Posted Tuesday 1 May 2007
The Lenten study groups in Castle Douglas this year took for their theme the development of the Nicene Creed - a story as fascinating as it is complex, writes the Rev Canon David Bayne, St Ninian’s, Castle Douglas.
As we wrestled with the nuanced conflicts of arians, semi-arians, homoousians, homoiousians, economic trinitarians and the myriad other early Christian groups attempting to interpret the mysteries of our faith in the three-fold God, we were kept sane by a Baptist member who would gently point out that his denomination sits lightly to credal formularies and contents itself with the declaration: ‘Jesus is Lord’.
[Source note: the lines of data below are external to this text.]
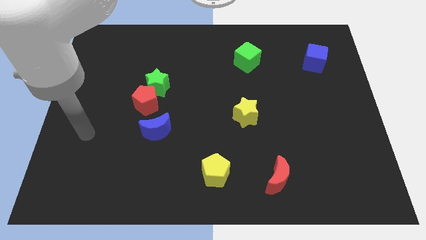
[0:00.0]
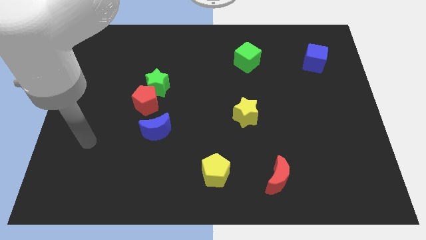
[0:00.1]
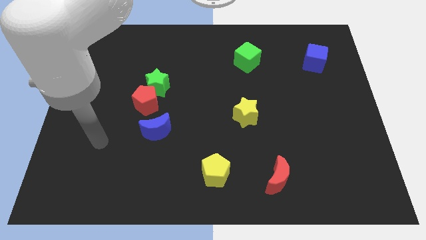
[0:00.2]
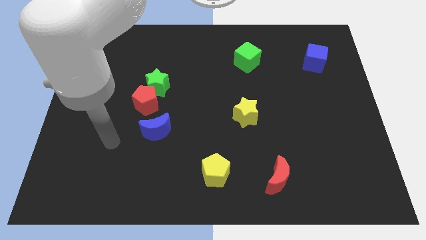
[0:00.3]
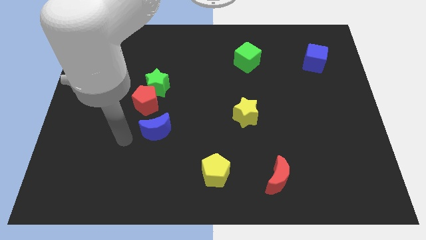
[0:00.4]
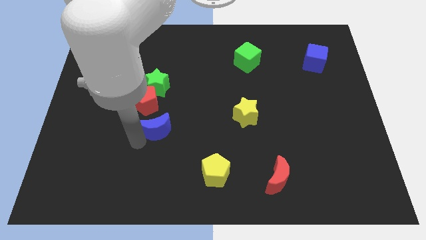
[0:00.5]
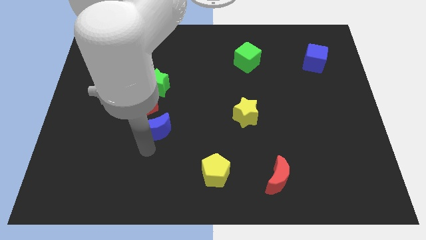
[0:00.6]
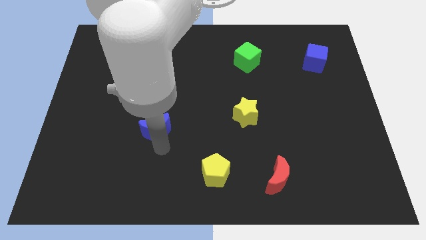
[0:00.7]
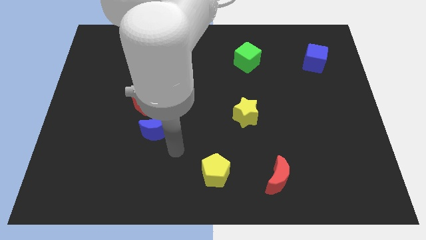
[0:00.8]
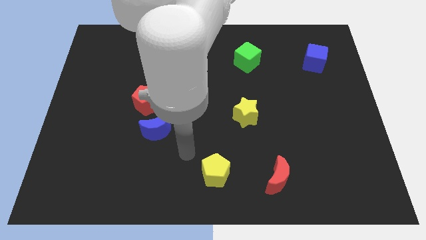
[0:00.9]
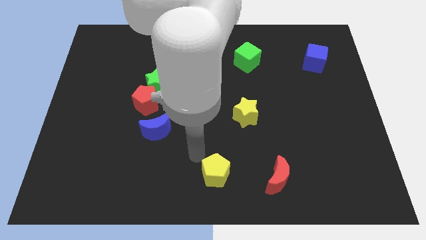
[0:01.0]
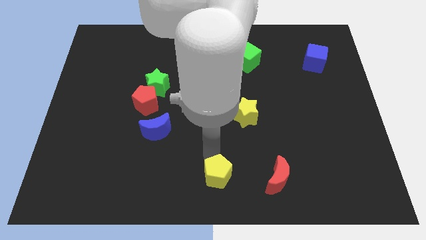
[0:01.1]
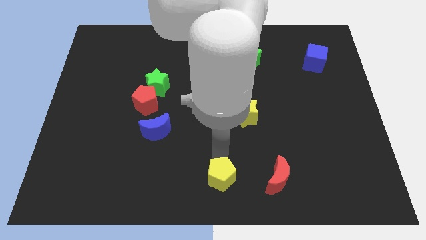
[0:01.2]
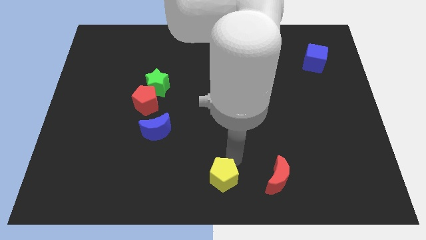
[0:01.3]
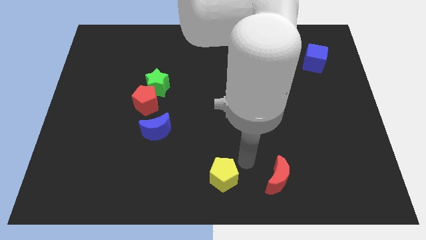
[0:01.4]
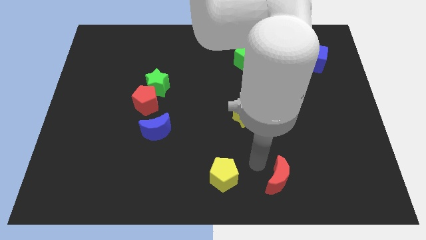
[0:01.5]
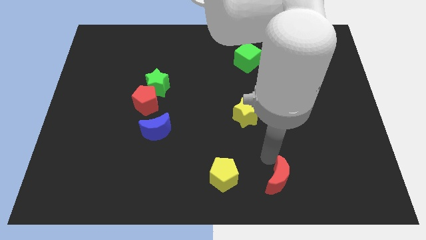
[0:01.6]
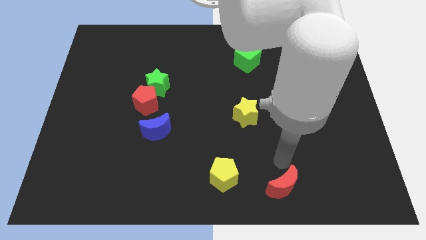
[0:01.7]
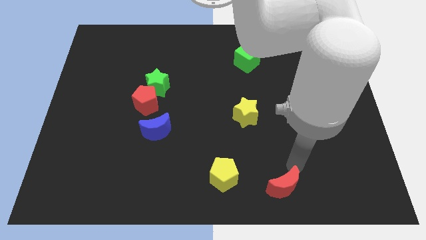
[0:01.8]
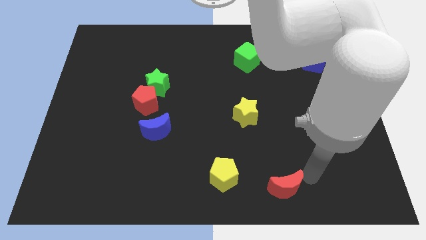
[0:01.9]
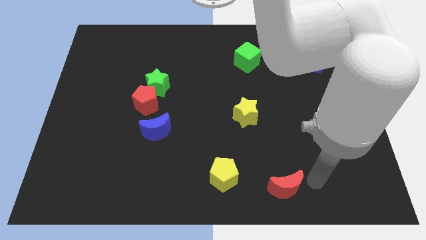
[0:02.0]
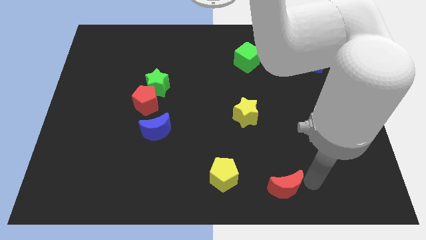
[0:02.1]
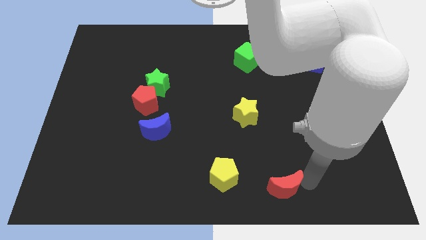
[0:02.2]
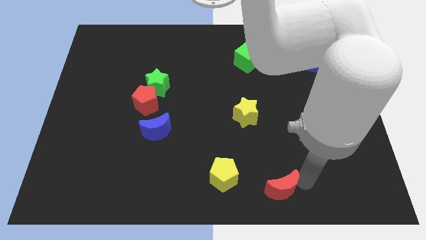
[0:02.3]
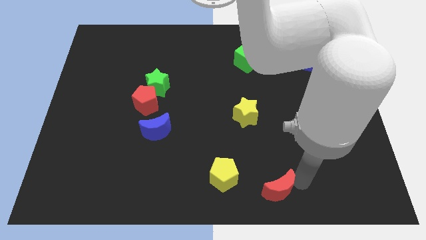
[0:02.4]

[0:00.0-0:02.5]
slide the red moon to the bottom

Those three words became for us a kind of touchstone as we tackled the succession of theological propositions that eventually coalesced into the Creed. If brain-fade, or a threat to belief, or a renewal of the ancient disputes within our groups seemed imminent, the murmured mantra, ‘Jesus is Lord’, sufficed to put everything back into perspective.
Reflecting on that experience in the light of Easter, it seems to me to point up a serious failing in the way we go about interpreting the faith to ourselves. We expect people to subscribe to all manner of theological statements (creeds, canons - dare I mention covenants?) that describe or define what we believe when the issue is not about what but about whom. The Apostles, from John at the empty tomb, through Thomas in the upper room, to Paul on the road to Damascus, were brought to faith not by credal formularies but by the risen Christ. And that’s as it should be for us too.
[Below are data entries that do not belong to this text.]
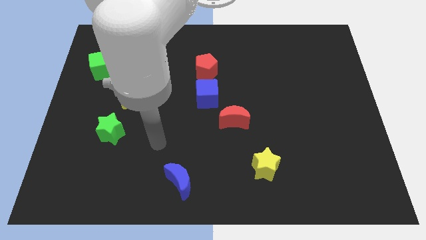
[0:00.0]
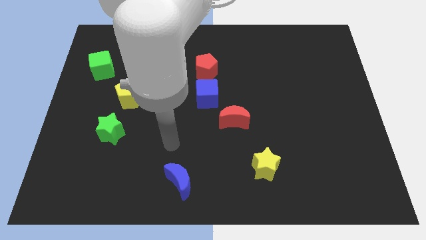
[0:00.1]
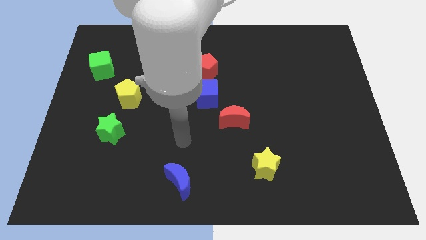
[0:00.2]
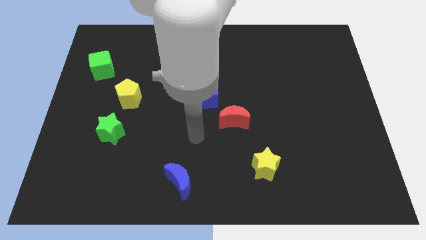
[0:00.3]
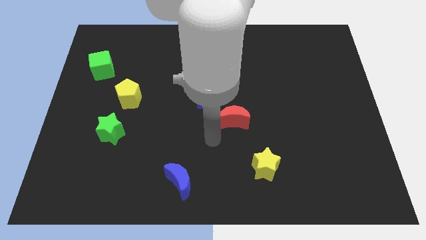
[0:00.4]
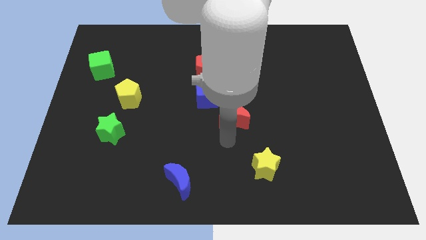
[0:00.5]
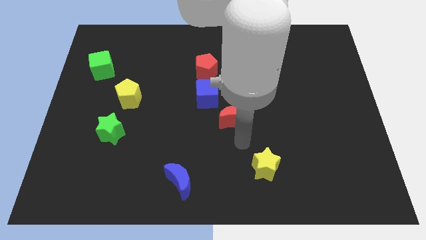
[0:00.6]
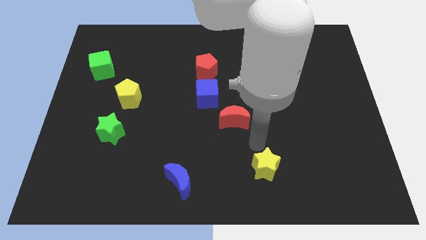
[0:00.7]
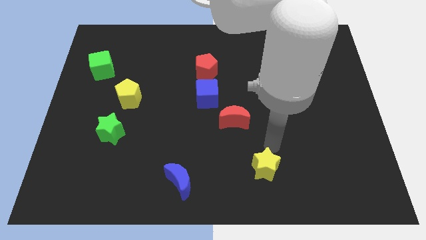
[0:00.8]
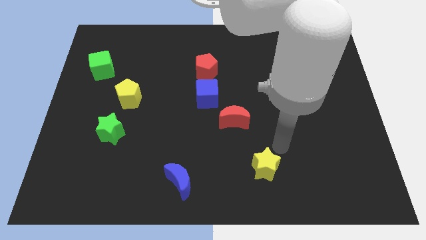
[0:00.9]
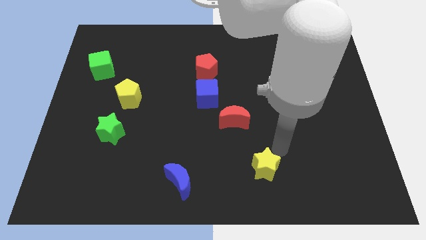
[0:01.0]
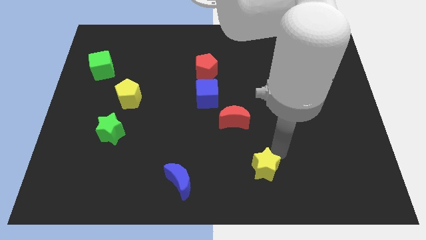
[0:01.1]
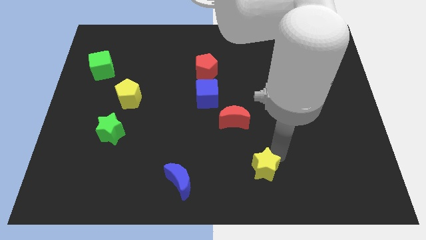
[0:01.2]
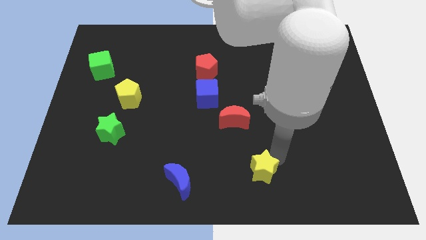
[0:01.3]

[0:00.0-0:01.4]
slide the yellow star to the bottom side

Our faith is not about a kind of antiquarian interest in documents - however precious - but about a personal and corporate relationship with the living God: ‘Jesus is Lord’.
This is scarcely cutting-edge theology. But, in an age when we are once again devising tests of orthodoxy to ensure that only the ‘right’ people are allowed to be Christians, it is essential to keep reminding ourselves that what truly matters is not submission to such tests, but the spirit of Christ in us. A century ago the poet and hymn-writer John Oxenham put it better than ever I could:
Not what, but whom, I do believe,
That, in my darkest hour of need,
Hath comfort that no mortal creed
To mortal man may give;
Not what, but whom!For Christ is more than all the creeds,
And His full life of gentle deeds
Shall all the creeds outlive.
Not what I do believe, but whom!Who walks beside me in the gloom?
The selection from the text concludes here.